This invention relates to a bit synchronizer for digital data and, more particularly, this invention relates to a tracking bit synchronizer for use in high density digital magnetic tape recorders.
Digital data transmitted over a data channel (such as a communication channel or a record/reproduce channel) is frequently transmitted without specific data rate information. Thus, unencoded digital data has data transitions which are unrelated to the data rate. Typically, a bit synchronizer includes a phase locked loop which serves as a clock regeneration circuit. This circuit allows recovery of data from a recording or transmission where the data is available without a corresponding clock signal. The regenerated clock defines the timing of the data and is used to detect, decode and process the data.
A functional block diagram of a typical bit synchronizer is shown in FIG. 1. As shown, zero crossing detector 10 detects the zero crossings of an incoming data signal. Phase detector 12 compares the zero crossings of the incoming data signal to a clock signal produced by voltage control oscillator (VCO) 16. The result of this phase comparison is filtered by filter 14 and the filtered voltage is used to adjust VCO 16 to achieve frequency and phase lock with the incoming data signal. This clock signal is used to synchronize latch 18 and decoder 20. Such bit sychronizers require phase detectors which allow recovery of phase information from edges in the data, but, which do not give false phase information in the absence of data edges. This is needed since any consecutive 1's or consecutive 0's do not have an edge between them in data formats which are not self clocking. The phase detector of the bit synchronizer of FIG. 1 typically includes a mixer, exclusive or gates, or sequential logic circuits. A disadvantage of such phase detector circuits is that a clock edge without a corresponding data edge would cause them to indicate a phase error, which would send a false correction signal to VCO 16.
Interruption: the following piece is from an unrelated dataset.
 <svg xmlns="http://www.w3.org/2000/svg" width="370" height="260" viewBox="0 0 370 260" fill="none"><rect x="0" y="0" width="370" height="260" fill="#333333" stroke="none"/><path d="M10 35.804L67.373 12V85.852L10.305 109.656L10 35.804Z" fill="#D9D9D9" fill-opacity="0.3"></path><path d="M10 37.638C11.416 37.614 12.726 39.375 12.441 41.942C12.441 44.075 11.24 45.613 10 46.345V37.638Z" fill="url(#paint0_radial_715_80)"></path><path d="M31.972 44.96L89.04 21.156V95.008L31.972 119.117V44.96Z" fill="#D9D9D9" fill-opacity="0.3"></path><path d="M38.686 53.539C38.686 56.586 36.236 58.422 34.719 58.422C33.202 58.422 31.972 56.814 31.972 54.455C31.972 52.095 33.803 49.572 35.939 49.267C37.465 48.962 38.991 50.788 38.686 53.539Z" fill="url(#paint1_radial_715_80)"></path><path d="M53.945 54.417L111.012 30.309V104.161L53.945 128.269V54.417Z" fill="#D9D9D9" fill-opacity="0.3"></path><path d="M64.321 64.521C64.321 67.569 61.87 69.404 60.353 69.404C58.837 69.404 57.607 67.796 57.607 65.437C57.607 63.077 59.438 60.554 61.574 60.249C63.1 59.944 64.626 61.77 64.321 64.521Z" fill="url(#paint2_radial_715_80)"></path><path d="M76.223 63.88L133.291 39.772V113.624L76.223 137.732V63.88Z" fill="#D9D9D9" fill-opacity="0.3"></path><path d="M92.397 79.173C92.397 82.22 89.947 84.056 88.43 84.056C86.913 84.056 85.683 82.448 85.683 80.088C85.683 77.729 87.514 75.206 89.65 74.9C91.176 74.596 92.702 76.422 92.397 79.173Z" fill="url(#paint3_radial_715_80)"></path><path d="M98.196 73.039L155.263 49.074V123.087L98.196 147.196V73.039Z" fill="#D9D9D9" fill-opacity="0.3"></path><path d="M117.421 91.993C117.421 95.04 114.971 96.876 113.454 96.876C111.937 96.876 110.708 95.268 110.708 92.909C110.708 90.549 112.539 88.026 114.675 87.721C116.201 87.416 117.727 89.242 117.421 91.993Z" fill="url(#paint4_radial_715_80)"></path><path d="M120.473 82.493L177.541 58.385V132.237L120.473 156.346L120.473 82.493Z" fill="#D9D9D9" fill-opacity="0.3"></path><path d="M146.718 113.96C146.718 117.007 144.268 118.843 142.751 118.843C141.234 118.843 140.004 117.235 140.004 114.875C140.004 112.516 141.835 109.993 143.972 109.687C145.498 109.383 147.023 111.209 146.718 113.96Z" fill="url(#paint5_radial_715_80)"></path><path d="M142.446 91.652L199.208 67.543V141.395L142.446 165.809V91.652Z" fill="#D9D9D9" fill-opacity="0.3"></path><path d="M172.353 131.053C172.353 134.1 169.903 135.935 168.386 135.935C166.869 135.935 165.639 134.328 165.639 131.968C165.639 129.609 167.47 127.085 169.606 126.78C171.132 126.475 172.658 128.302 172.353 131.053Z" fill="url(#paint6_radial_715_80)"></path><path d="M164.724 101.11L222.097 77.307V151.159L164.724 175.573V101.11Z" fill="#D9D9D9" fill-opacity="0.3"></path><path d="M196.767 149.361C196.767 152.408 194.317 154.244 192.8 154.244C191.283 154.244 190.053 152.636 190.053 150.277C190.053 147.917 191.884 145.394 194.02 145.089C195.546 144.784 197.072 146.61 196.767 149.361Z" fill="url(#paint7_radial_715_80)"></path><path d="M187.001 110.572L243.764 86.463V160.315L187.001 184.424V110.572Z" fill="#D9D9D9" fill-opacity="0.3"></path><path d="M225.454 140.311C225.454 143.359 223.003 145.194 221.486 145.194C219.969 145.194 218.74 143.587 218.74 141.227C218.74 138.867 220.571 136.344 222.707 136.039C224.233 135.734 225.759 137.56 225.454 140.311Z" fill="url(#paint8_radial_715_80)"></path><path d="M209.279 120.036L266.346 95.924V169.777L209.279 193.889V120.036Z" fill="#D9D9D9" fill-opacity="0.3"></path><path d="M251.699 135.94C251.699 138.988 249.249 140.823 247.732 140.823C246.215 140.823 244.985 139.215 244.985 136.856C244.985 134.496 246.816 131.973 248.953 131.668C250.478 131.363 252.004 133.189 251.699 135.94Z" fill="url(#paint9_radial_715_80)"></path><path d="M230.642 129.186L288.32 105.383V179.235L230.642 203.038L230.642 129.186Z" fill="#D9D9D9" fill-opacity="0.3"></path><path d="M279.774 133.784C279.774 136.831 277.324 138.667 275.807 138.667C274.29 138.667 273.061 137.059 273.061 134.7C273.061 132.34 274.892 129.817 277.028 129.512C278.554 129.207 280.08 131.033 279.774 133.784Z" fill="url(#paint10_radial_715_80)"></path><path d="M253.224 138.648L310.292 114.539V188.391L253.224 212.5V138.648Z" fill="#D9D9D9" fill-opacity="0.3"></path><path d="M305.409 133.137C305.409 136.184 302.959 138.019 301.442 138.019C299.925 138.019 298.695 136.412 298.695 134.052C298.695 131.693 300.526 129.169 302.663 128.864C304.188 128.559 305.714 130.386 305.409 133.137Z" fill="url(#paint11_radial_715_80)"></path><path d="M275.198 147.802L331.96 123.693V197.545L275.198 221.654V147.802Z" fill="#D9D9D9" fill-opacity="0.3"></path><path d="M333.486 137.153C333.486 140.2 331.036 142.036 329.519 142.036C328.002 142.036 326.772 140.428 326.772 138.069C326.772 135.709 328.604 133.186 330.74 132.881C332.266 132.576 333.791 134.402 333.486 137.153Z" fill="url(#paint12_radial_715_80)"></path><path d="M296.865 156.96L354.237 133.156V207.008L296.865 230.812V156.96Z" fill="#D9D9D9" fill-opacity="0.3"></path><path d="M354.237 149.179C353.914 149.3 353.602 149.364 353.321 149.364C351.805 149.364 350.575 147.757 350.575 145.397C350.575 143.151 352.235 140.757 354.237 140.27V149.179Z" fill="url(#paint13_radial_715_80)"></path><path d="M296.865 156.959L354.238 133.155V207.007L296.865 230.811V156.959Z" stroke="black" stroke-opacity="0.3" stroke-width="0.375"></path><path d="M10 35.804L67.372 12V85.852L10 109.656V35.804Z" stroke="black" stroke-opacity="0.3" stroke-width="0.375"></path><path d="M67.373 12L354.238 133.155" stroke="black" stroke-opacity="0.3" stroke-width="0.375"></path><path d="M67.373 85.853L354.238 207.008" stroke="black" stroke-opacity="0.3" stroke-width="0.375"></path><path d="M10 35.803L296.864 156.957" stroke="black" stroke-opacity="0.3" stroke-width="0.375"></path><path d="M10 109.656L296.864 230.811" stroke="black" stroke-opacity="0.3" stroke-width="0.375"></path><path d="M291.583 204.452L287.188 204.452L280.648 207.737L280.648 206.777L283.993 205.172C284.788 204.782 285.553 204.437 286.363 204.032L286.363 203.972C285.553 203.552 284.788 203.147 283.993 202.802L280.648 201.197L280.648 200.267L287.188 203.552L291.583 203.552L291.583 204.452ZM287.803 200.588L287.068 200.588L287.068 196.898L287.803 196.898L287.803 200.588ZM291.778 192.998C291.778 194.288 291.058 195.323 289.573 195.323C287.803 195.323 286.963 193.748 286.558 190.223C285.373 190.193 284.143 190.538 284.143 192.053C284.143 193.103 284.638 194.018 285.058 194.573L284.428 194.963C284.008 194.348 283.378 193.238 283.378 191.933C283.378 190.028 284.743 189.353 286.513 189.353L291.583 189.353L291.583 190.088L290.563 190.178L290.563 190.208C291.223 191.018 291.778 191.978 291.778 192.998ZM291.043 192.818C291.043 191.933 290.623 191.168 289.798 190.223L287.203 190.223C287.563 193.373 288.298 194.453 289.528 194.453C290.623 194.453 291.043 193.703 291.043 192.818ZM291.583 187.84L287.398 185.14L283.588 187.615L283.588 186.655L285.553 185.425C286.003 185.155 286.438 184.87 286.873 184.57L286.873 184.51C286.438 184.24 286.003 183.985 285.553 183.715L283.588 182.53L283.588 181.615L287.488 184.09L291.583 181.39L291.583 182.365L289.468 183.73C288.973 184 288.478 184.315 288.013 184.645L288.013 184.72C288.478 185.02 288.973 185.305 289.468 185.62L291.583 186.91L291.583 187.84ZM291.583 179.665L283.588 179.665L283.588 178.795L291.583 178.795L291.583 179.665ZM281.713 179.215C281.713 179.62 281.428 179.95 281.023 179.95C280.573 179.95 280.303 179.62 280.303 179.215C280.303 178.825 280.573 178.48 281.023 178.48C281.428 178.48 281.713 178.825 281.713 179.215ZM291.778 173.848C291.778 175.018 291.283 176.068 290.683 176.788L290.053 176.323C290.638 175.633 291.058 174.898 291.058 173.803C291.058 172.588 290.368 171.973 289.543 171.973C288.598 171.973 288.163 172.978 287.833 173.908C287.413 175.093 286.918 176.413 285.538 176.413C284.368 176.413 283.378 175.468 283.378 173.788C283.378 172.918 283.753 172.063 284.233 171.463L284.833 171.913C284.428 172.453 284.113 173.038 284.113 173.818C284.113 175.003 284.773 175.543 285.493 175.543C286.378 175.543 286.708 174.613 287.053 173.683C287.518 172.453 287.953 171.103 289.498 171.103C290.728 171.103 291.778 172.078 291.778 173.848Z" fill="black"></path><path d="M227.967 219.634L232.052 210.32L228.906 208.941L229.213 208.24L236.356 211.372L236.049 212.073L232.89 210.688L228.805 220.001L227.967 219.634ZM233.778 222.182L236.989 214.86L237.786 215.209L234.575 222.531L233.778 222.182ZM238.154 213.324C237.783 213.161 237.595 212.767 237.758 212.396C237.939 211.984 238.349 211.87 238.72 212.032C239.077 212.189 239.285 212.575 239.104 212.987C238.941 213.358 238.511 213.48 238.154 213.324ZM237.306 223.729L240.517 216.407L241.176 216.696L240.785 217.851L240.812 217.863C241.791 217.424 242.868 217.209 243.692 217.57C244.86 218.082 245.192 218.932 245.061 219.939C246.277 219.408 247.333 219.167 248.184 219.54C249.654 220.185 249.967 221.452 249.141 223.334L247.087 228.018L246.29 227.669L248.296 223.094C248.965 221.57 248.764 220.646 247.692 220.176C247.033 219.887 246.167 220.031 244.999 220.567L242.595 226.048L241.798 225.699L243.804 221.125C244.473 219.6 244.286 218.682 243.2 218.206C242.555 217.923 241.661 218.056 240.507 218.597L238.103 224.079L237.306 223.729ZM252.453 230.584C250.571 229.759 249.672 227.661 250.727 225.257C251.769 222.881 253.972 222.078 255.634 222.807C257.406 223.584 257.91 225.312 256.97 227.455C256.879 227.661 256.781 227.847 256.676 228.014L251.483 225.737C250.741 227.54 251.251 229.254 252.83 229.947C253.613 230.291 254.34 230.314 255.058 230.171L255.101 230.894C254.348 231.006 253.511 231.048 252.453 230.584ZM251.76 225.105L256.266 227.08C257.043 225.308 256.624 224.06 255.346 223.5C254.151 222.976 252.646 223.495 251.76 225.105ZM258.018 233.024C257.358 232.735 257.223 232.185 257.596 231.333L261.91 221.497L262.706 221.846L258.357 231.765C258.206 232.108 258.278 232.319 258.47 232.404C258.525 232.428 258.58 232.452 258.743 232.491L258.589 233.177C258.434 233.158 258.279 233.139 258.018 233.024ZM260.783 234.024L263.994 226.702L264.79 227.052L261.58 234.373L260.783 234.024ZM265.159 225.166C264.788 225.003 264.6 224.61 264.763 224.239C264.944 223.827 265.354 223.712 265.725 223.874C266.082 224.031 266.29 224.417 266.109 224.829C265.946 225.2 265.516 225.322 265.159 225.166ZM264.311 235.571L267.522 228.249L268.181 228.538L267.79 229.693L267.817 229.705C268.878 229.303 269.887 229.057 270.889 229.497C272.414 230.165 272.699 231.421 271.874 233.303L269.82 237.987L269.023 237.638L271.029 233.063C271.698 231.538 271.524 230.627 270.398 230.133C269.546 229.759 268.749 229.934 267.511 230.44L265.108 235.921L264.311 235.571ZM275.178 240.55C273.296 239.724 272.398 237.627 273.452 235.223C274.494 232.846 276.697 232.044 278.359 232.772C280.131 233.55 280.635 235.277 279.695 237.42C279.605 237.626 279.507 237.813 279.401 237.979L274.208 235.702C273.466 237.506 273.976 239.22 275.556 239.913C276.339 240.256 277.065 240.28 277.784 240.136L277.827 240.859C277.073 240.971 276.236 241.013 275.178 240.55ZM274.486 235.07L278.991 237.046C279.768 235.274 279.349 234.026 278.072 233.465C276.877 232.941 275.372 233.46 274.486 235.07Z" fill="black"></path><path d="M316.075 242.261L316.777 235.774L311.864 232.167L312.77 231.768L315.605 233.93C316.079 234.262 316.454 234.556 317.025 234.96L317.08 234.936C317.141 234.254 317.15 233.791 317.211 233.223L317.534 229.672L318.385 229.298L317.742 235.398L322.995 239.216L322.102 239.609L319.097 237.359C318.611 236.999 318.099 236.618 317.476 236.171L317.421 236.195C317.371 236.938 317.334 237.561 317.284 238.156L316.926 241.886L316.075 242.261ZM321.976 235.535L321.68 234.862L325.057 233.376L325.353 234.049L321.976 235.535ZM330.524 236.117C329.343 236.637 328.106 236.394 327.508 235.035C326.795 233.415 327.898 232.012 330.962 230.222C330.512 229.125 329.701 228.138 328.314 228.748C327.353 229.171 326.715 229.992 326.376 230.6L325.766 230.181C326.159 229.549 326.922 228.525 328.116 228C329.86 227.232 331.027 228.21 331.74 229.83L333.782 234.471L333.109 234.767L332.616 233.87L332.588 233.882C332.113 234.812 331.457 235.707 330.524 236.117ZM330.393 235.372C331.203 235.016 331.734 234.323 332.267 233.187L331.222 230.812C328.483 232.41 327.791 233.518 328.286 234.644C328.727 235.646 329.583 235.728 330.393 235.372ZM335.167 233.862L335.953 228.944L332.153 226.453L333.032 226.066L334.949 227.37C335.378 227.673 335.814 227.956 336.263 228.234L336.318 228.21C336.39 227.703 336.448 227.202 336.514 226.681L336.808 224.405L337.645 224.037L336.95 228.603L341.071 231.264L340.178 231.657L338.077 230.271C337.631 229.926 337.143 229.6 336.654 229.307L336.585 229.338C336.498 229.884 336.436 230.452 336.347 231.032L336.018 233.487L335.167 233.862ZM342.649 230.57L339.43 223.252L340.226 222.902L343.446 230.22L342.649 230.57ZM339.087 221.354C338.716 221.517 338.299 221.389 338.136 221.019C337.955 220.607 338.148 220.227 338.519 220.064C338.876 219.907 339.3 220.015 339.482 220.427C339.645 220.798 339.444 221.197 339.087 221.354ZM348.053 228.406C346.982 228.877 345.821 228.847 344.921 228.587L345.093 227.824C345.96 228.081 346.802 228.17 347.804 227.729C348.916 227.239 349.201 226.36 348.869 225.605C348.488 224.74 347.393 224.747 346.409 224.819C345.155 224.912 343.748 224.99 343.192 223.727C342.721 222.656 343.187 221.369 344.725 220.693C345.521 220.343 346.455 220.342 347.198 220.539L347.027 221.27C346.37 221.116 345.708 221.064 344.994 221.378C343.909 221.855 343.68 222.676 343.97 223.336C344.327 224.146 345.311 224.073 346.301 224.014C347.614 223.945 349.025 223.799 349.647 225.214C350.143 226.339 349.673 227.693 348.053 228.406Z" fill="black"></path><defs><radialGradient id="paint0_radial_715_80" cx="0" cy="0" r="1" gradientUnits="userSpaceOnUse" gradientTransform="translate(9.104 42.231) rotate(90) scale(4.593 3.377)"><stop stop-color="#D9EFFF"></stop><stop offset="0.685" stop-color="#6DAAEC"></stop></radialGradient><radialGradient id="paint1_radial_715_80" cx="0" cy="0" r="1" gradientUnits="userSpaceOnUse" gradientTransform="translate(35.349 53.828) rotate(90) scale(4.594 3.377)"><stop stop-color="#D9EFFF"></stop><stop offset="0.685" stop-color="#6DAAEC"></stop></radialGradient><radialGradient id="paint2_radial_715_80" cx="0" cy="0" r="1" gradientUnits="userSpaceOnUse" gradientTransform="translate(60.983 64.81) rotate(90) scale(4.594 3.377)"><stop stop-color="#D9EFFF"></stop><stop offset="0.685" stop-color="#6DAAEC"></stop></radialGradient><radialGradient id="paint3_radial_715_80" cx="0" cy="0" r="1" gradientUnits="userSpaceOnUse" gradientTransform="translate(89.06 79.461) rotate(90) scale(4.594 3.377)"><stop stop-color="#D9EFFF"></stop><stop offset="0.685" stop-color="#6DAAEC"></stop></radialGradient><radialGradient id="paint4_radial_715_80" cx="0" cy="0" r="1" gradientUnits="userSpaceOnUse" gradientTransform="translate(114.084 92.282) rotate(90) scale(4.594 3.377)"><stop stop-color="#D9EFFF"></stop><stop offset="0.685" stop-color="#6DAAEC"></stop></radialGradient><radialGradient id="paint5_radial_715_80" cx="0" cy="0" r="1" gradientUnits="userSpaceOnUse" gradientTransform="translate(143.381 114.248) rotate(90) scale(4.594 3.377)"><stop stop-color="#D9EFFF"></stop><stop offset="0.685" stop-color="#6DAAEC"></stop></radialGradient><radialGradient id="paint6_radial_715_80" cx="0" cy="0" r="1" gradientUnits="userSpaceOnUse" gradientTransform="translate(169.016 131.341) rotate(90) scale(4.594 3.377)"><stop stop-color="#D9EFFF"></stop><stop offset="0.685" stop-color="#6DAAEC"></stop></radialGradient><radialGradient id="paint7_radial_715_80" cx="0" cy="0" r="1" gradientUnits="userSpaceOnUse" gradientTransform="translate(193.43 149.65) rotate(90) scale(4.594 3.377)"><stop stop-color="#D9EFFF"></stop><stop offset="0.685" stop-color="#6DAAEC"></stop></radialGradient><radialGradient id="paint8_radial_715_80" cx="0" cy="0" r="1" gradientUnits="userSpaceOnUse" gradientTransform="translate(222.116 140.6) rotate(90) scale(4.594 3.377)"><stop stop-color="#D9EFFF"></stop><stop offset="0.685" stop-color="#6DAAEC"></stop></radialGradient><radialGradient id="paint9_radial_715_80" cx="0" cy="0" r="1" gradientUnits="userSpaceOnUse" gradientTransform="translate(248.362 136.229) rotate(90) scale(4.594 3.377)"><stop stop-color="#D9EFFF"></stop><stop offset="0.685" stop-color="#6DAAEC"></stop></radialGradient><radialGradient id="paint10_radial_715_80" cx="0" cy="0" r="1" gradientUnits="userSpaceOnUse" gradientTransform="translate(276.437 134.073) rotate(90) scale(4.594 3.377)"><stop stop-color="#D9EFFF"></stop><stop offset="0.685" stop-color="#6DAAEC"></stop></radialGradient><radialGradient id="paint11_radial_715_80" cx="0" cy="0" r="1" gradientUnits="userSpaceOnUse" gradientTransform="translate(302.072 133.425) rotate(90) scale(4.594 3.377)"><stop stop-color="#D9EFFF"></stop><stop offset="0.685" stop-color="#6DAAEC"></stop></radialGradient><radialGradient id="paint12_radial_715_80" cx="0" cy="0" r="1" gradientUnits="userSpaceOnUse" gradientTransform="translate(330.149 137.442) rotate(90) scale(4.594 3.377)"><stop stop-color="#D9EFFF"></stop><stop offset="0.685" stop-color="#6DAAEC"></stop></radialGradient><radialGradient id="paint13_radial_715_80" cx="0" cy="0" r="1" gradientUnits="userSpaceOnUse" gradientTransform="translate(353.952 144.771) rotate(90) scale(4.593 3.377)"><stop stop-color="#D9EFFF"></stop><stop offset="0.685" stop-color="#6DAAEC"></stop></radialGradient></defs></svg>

Bit synchronizer phase detectors typically include an early/late gate which only produces phase error information near a data transition (see, for example, U.S. Pat. 4,766,397, issued Aug. 23, 1988, Inventor Adams; and U.S. Pat. 4,280,224, issued Jul. 21, 1981, Inventor Chethik).
The ability of the early/late gate detector to tolerate missing data edges may also result in false bit synchronizer locks to occur at incorrect clock rates. Thus, for example, digital data encoded in a bi-phase mark encoding format produces two clocks for each data cell, such that there is a clock edge for each data edge, plus an additional edge at mid-bit time. Repeating data patterns will also be sensitive to false locks at other frequencies which are not necessarily at simple multiples of the correct data rate. Since the clock of a phase locked loop can lock to data at a number of clock rates, only one of which is correct, bit synchronizers (such as those disclosed in the latter two patents) have typically been constrained to operate in a small range (plus or minus 1 percent to plus or minus 4 percent) around the correct data rate. In operation, such bit synchronizers will be adjusted for frequency of operation at normal set up and alignment and at appropriate maintenance intervals. For many applications, the data rate is constant and this type of operation is adequate. However, such bit synchronizers are inadequate in applictions where the signal sources vary data rate by design (such as down-looking radars) or where the incoming data signal varies in frequency due to doppler or other environmental effects. Moreover, due to time and temperature drifts, even the most stable of bit synchronizers will not be at optium adjustment all the time, thus, producing inaccurate clock signals.
U.S. Patent 4,375,693, issued Mar. 1, 1983, Inventor Kuhn, and, U.S. Pat. 4,375,694, Mar. 1, 1983, Inventor Kuhn, disclose a bit synchronizer capable of operation over broad range of frequencies by means of an auto range capability which automatically steps the frequency of the voltage controlled oscillator of a phase locked loop through half octaves within an arbitrarily large range. However, the bit synchronizer disclosed in these patents has a narrow lock range (1 percent) and, thus, is not suitable for applications where the ability to lock to a wide range of data rates without readjustment is desirable.
Thus, it is desirable that a bit synchronizer have the ability to lock to a wide range of data rates without readjustment. It is also desirable that the bit synchronizer be able to follow changing data rates and to compensate automatically for any temperature drifts and aging. The bit synchronizer should be immune to false phase locks.